_PROBLEM DESCRIPTION_.
Return the full set of entries below exactly, leaving every image out.

_INFORMATION_.
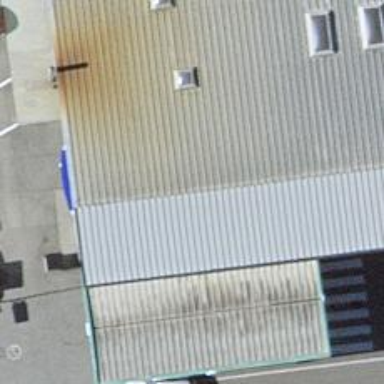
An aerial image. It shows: Shop specializing in car and car repair services.
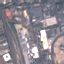
Label: Industrial
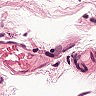
Metastatic tissue present: no
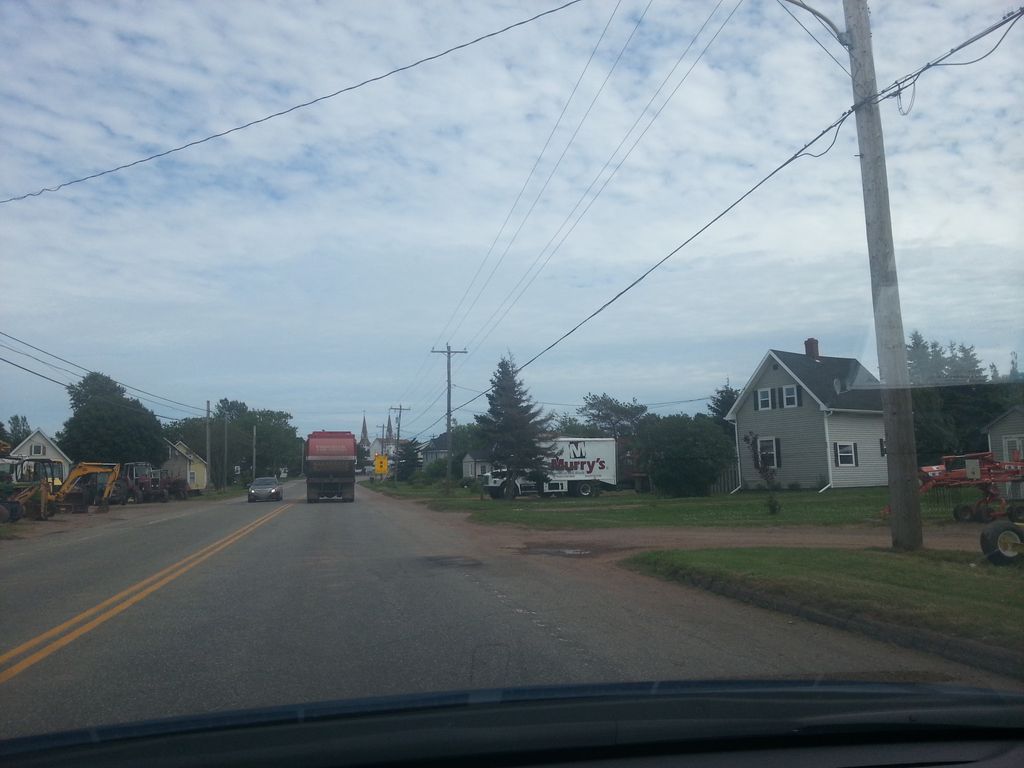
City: charlottetown
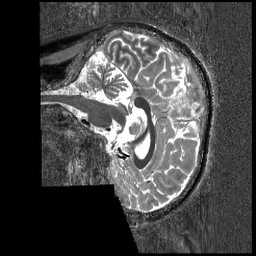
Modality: T1w
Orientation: sagittal
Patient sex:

_REPLY_.
An aerial image. It shows: Shop specializing in car and car repair services.
Label: Industrial
Metastatic tissue present: no
City: charlottetown
Modality: T1w
Orientation: sagittal
Patient sex:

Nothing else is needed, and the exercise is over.